The DR01 served as a technology demonstrator and stepping stone toward the company's second-generation humanoid, the DR02, which was launched in October 2025 with significantly expanded capabilities including 31 degrees of freedom, full-body IP66 environmental protection, and dexterous five-fingered hands.[3]
DEEP Robotics (formally Hangzhou Yunshenchu Technology Co., Ltd.) was founded on November 29, 2017, by Zhu Qiuguo and Li Chao. Both founders hold doctoral degrees from Zhejiang University. Zhu Qiuguo, born in November 1982, had served as an associate professor and PhD adviser at Zhejiang University, where his research focused on bionic robotics and machine intelligence. As an undergraduate, Zhu participated in ZJUDancer, a student team that built small humanoid soccer robots for the RoboCup competition.
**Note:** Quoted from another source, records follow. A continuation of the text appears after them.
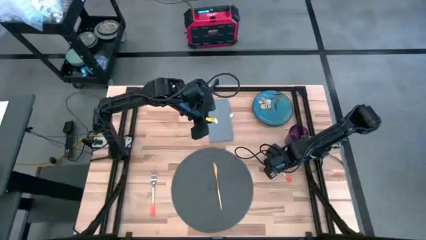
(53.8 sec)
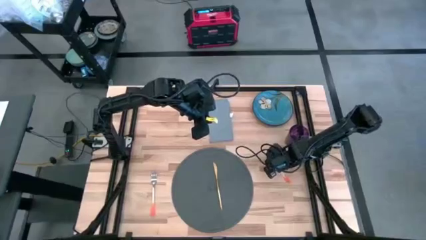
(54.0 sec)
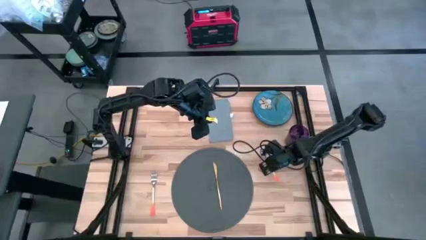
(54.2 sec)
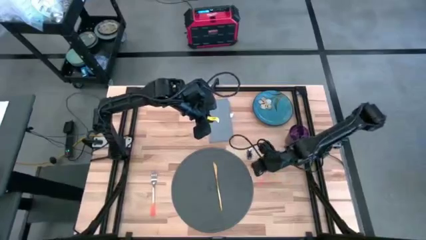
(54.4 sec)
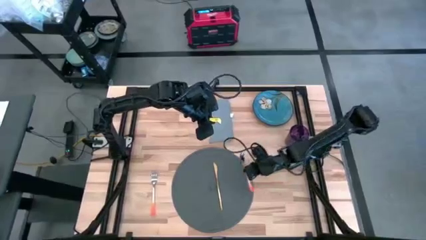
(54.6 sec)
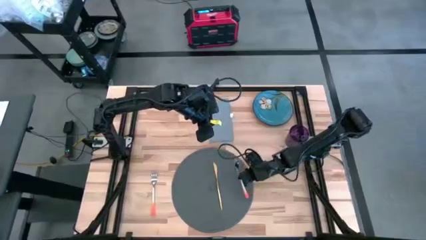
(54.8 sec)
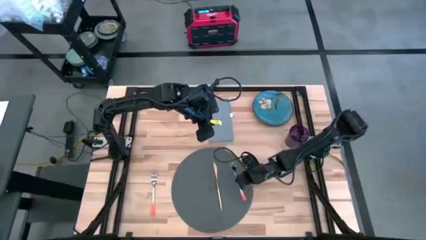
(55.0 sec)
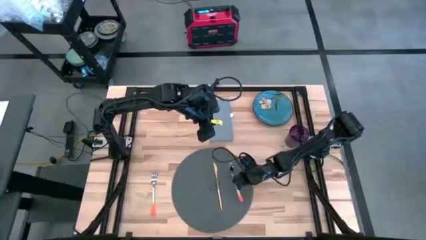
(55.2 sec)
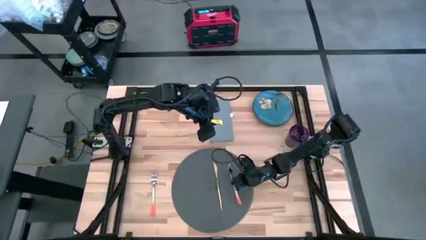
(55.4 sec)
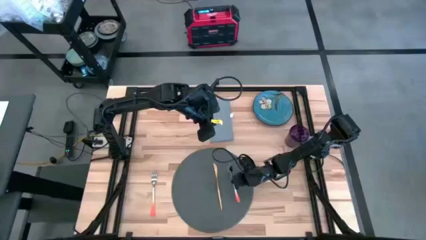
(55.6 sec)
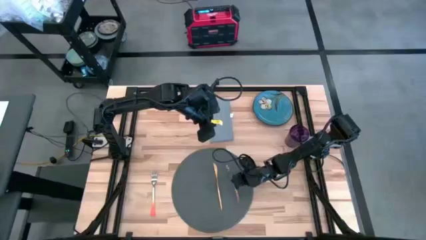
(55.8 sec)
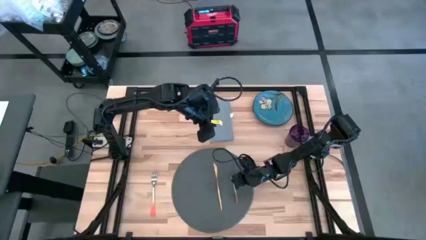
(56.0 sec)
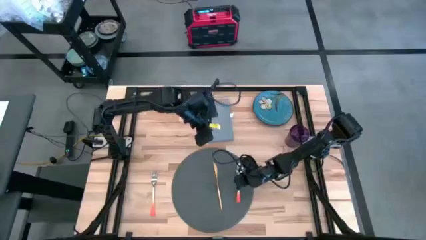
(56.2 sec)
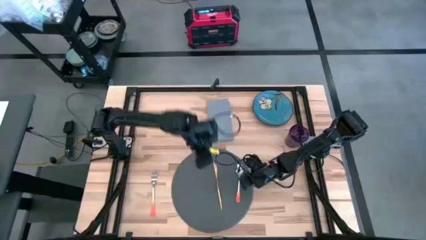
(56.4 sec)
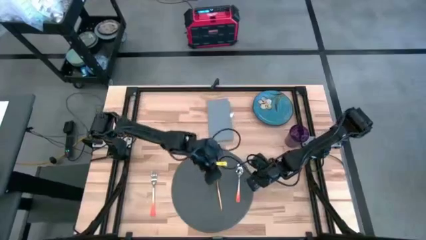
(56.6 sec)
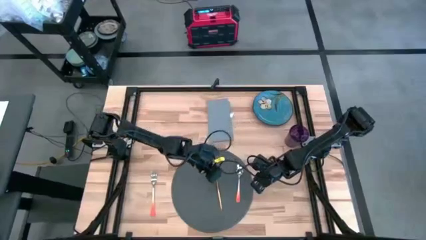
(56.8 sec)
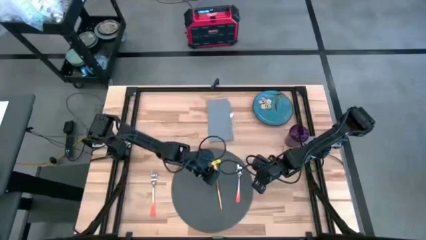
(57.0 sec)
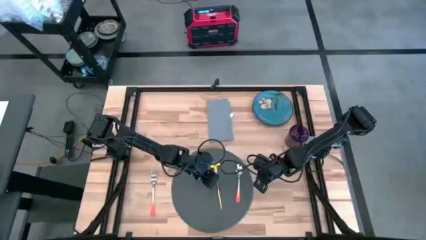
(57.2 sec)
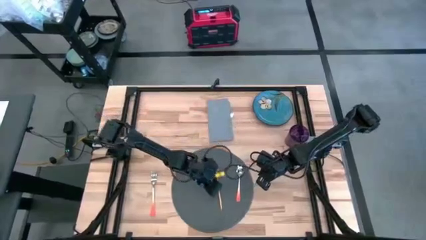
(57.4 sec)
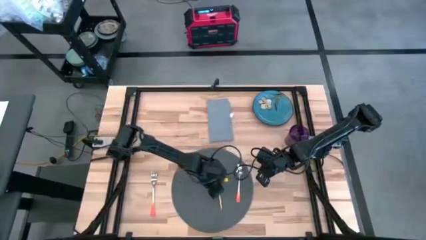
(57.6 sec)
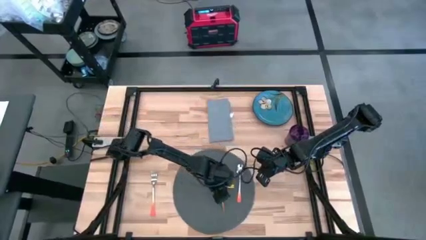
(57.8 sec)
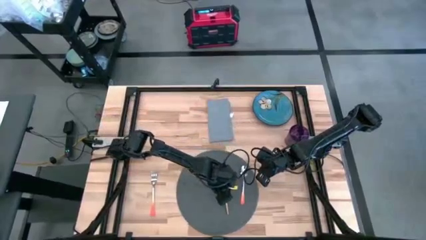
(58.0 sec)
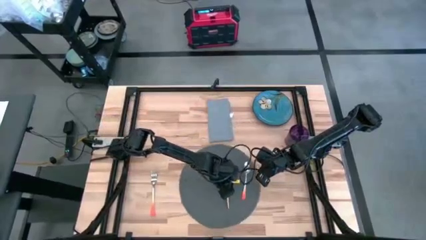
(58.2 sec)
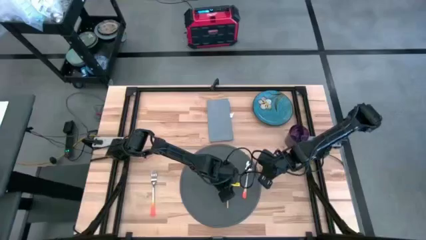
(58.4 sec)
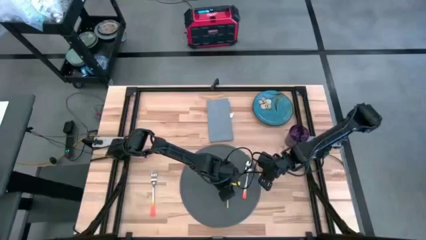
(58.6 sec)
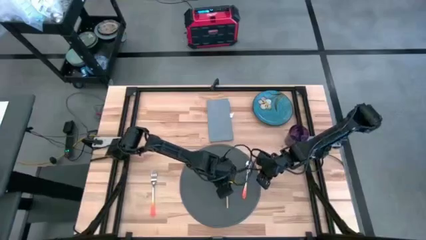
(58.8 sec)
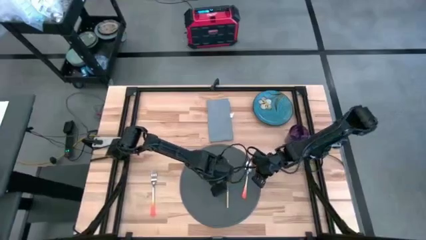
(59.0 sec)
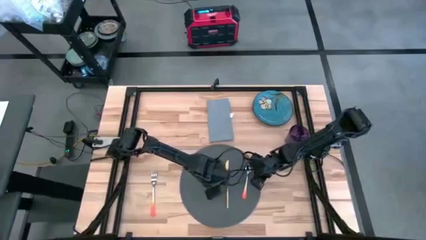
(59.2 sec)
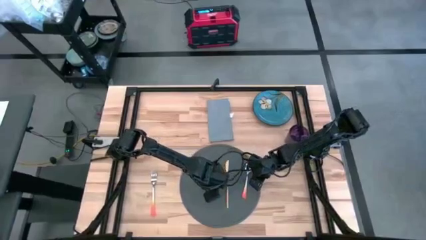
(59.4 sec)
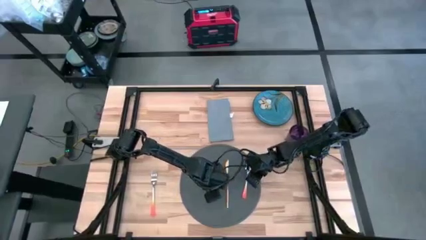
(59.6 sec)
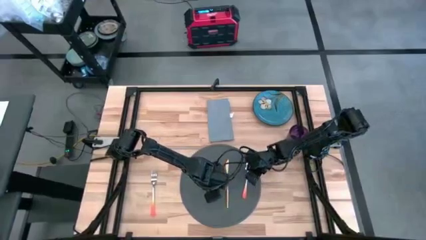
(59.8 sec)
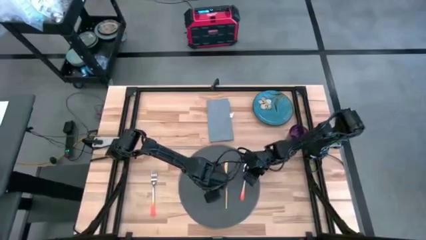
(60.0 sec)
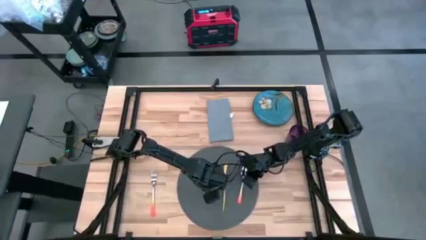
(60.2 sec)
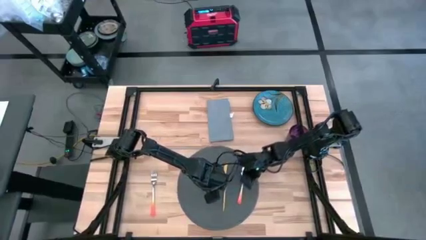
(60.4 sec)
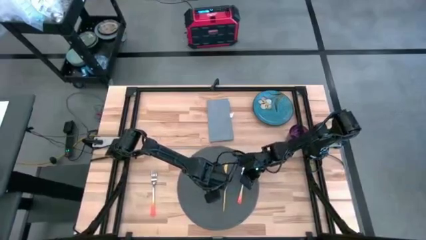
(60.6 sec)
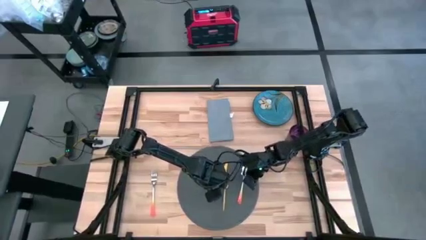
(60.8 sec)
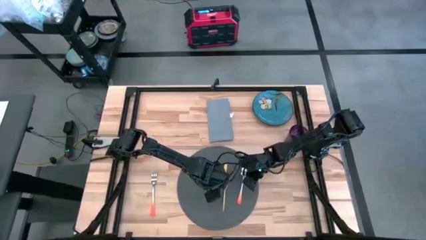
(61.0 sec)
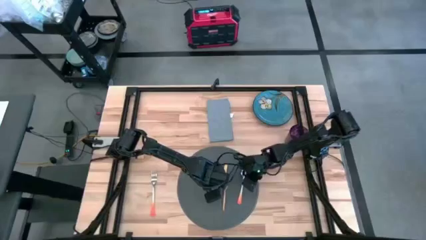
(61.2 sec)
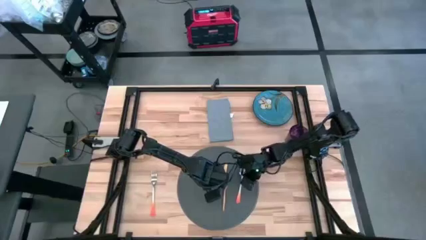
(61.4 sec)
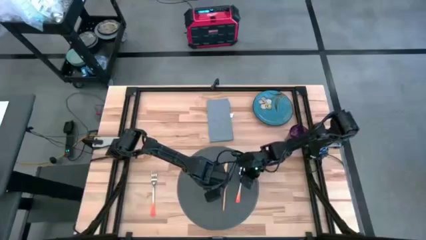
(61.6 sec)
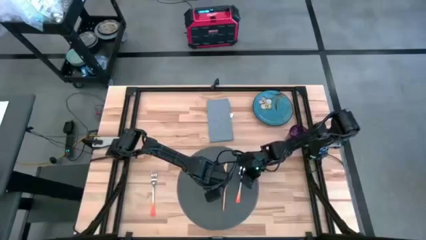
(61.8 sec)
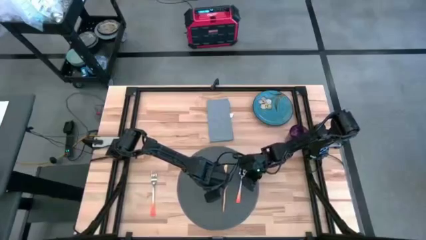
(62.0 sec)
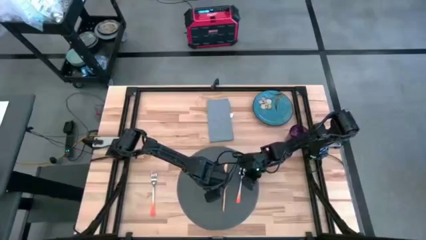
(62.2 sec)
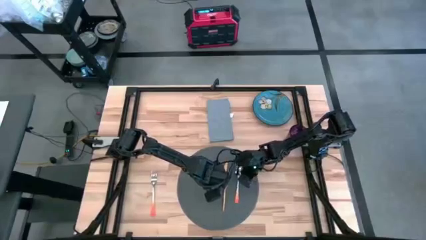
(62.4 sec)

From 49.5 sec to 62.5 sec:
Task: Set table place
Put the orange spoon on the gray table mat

He decided to launch his own company after observing the progress of Boston Dynamics in legged locomotion.[4][5]
Within months of its founding, DEEP Robotics launched the first generation of its Jueying quadruped robot, named after a legendary horse ridden by Cao Cao during China's Three Kingdoms period. Over the following years, the company built a comprehensive lineup of quadruped robots that established it as one of China's leading legged robotics firms. By 2025, DEEP Robotics reported approximately 85% market share in power industry inspection applications and over 90% share in firefighting robotics within China, with an overall market share exceeding 80% across legged robot application scenarios in 44 countries.[3][6]
The company has raised approximately $140 million in total funding across four rounds. In December 2025, DEEP Robotics completed a Series C financing round exceeding 500 million RMB (approximately $71 million), co-led by China Merchants Bank International and China Asset Management, with participation from China Telecom, China Unicom, Yunhui Capital, and the Zhejiang University Education Foundation. This round valued the company at approximately 8 billion yuan ($1.1 billion), establishing DEEP Robotics as a unicorn. Following the fundraise, the company began IPO tutoring with China Securities Co. Ltd., targeting a mainland Chinese stock exchange listing.[7][8]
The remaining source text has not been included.